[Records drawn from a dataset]

=-=-=

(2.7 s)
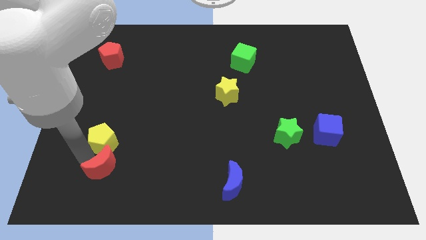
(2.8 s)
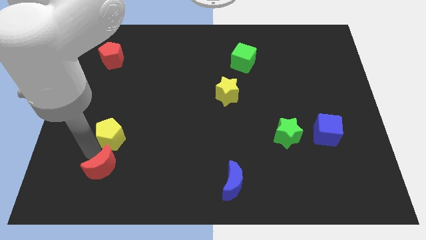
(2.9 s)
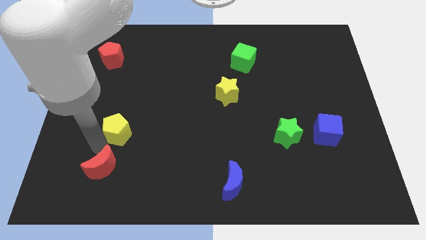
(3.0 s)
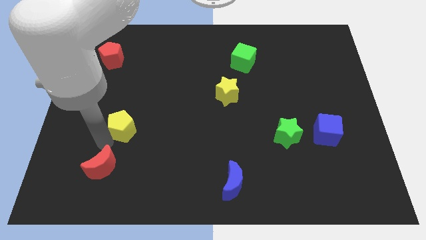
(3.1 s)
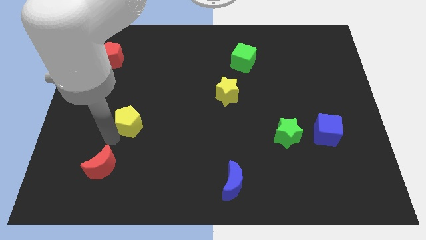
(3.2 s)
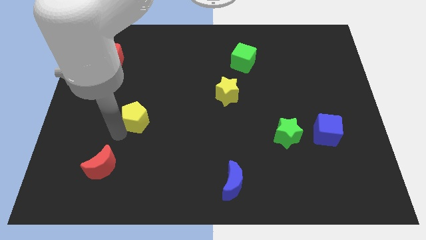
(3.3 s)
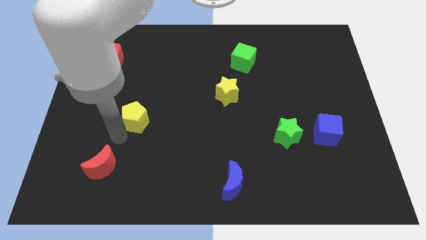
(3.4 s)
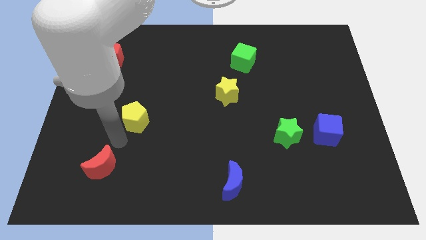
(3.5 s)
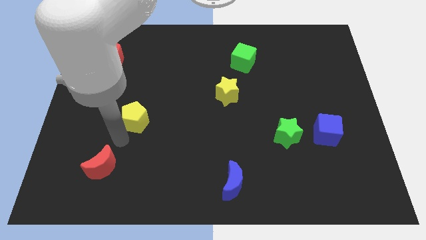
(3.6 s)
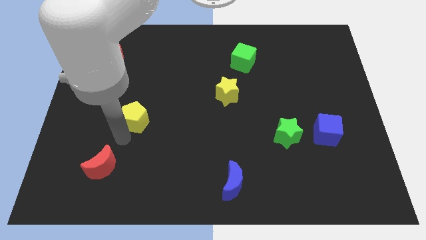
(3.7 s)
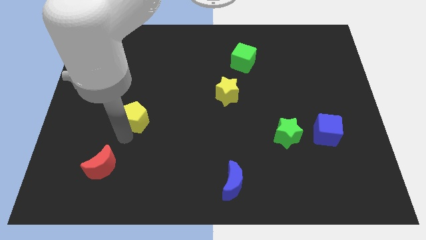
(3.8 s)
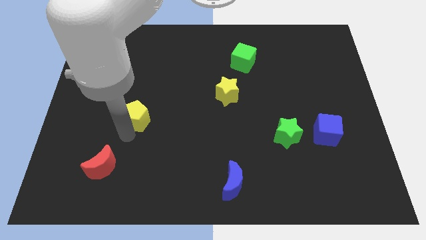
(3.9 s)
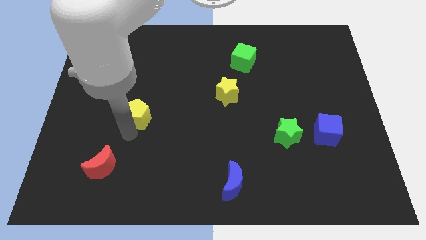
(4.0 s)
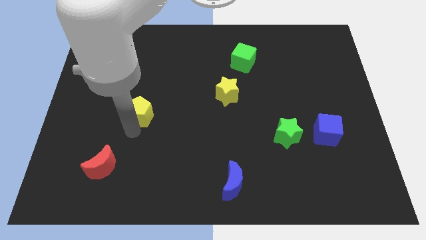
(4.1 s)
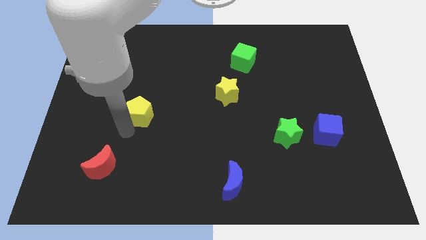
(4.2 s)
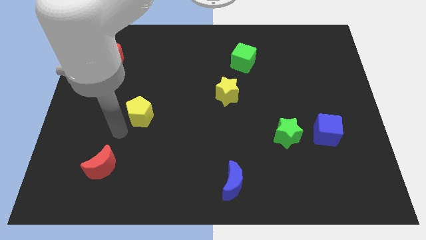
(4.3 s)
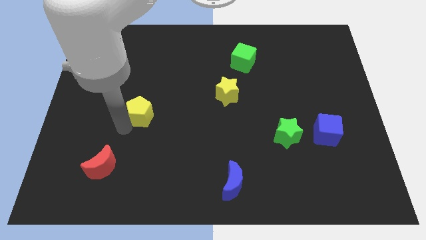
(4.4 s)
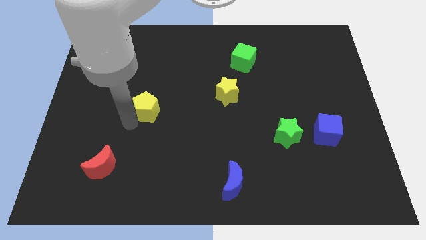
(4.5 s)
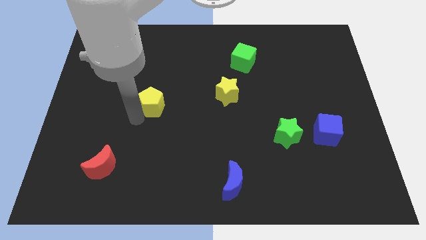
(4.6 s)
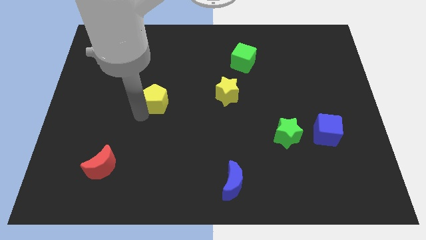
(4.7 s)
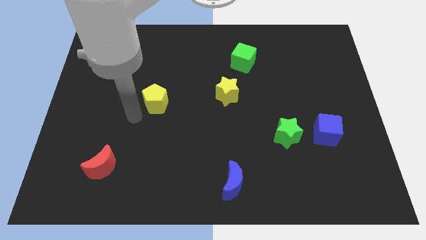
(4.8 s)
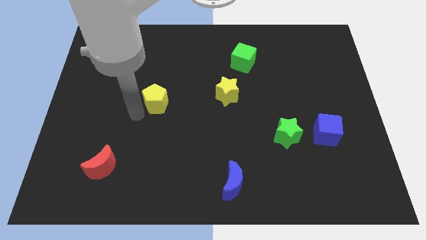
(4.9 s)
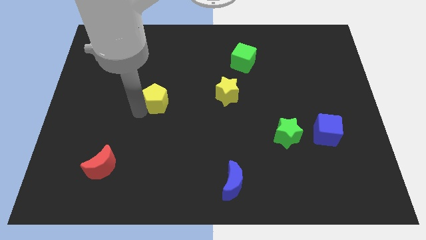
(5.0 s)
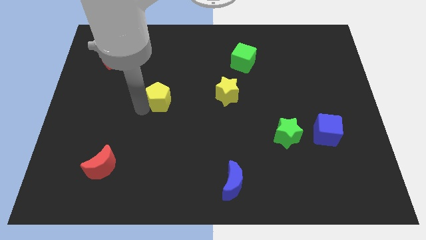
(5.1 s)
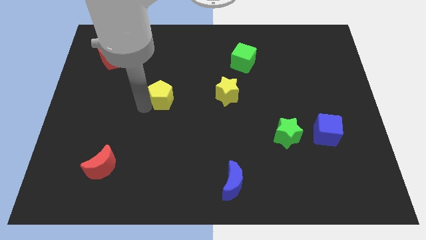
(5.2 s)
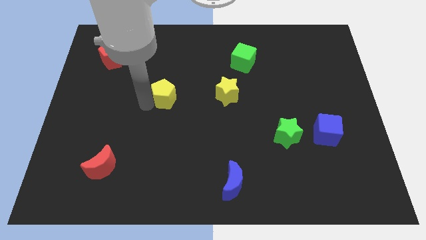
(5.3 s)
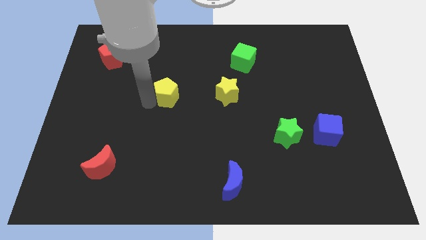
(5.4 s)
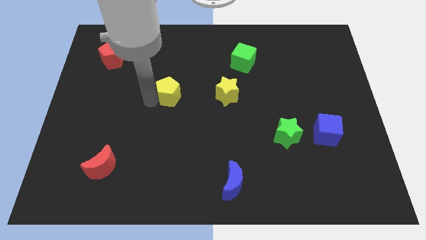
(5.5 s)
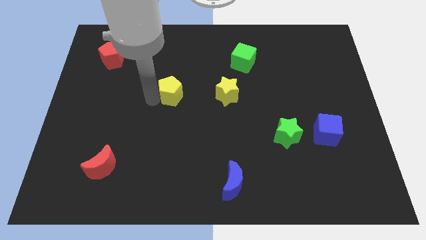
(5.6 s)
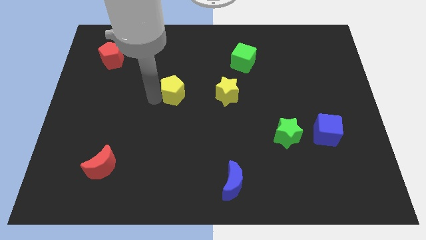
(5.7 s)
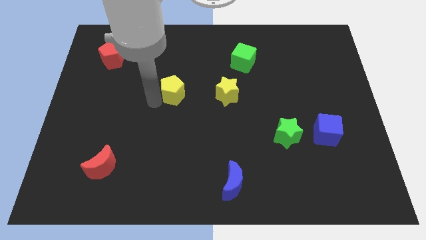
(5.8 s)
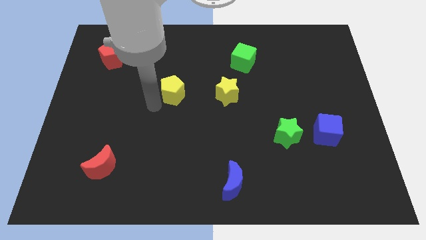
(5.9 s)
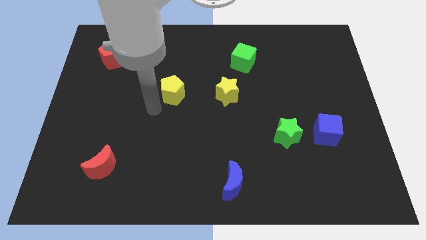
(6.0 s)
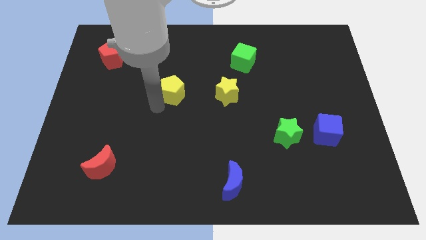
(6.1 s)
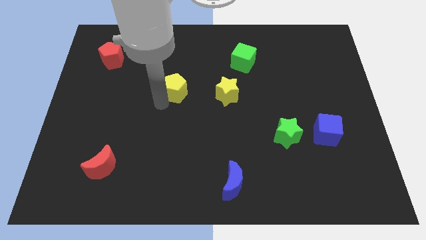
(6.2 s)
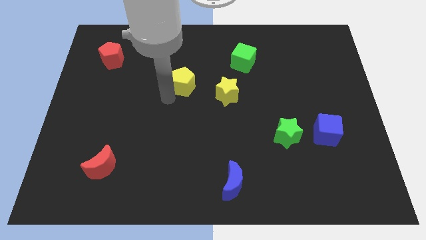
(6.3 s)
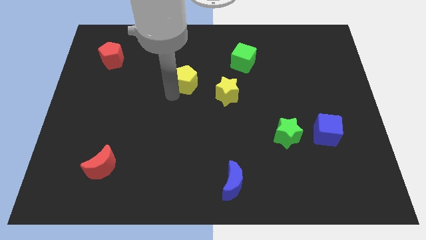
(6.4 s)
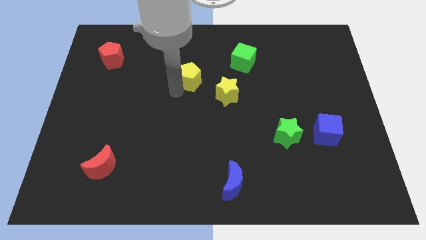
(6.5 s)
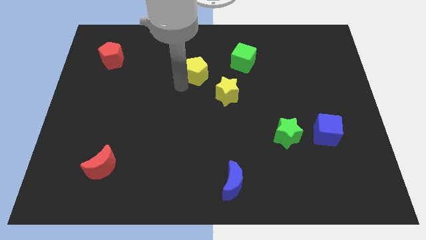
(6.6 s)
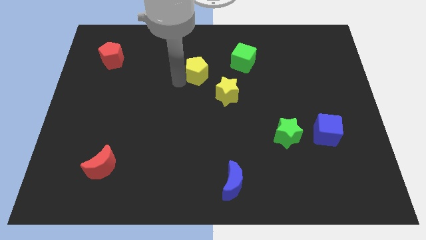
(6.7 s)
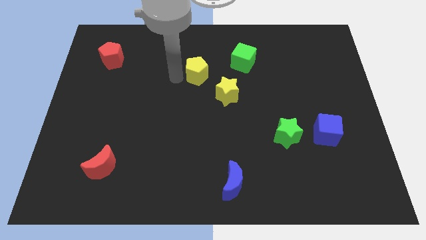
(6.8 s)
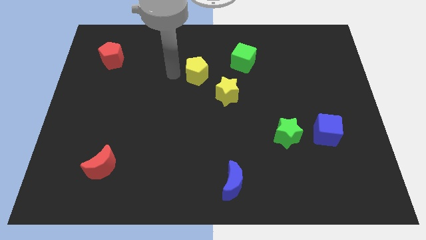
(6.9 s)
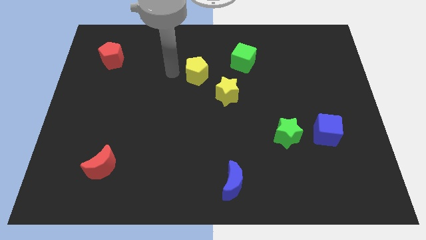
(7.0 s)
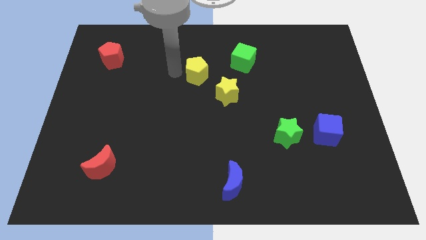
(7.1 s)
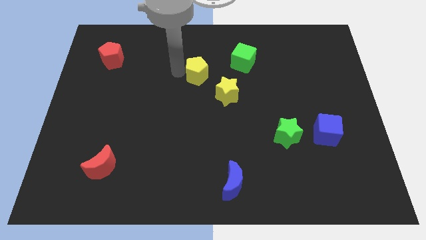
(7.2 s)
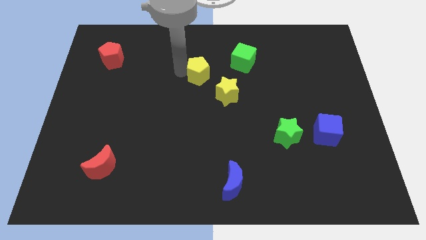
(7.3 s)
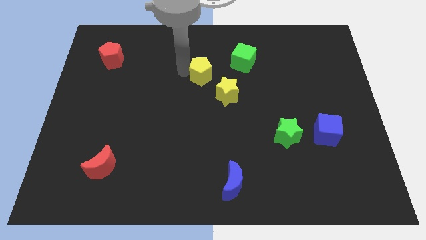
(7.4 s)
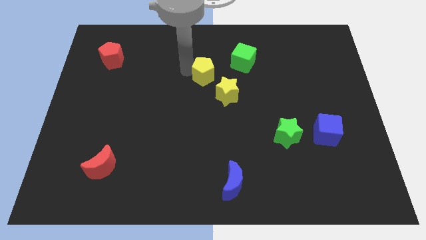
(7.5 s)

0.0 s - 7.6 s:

=-=-=

The records above must be output exactly, except for their pictures.

(2.7 s)
(2.8 s)
(2.9 s)
(3.0 s)
(3.1 s)
(3.2 s)
(3.3 s)
(3.4 s)
(3.5 s)
(3.6 s)
(3.7 s)
(3.8 s)
(3.9 s)
(4.0 s)
(4.1 s)
(4.2 s)
(4.3 s)
(4.4 s)
(4.5 s)
(4.6 s)
(4.7 s)
(4.8 s)
(4.9 s)
(5.0 s)
(5.1 s)
(5.2 s)
(5.3 s)
(5.4 s)
(5.5 s)
(5.6 s)
(5.7 s)
(5.8 s)
(5.9 s)
(6.0 s)
(6.1 s)
(6.2 s)
(6.3 s)
(6.4 s)
(6.5 s)
(6.6 s)
(6.7 s)
(6.8 s)
(6.9 s)
(7.0 s)
(7.1 s)
(7.2 s)
(7.3 s)
(7.4 s)
(7.5 s)

0.0 s - 7.6 s:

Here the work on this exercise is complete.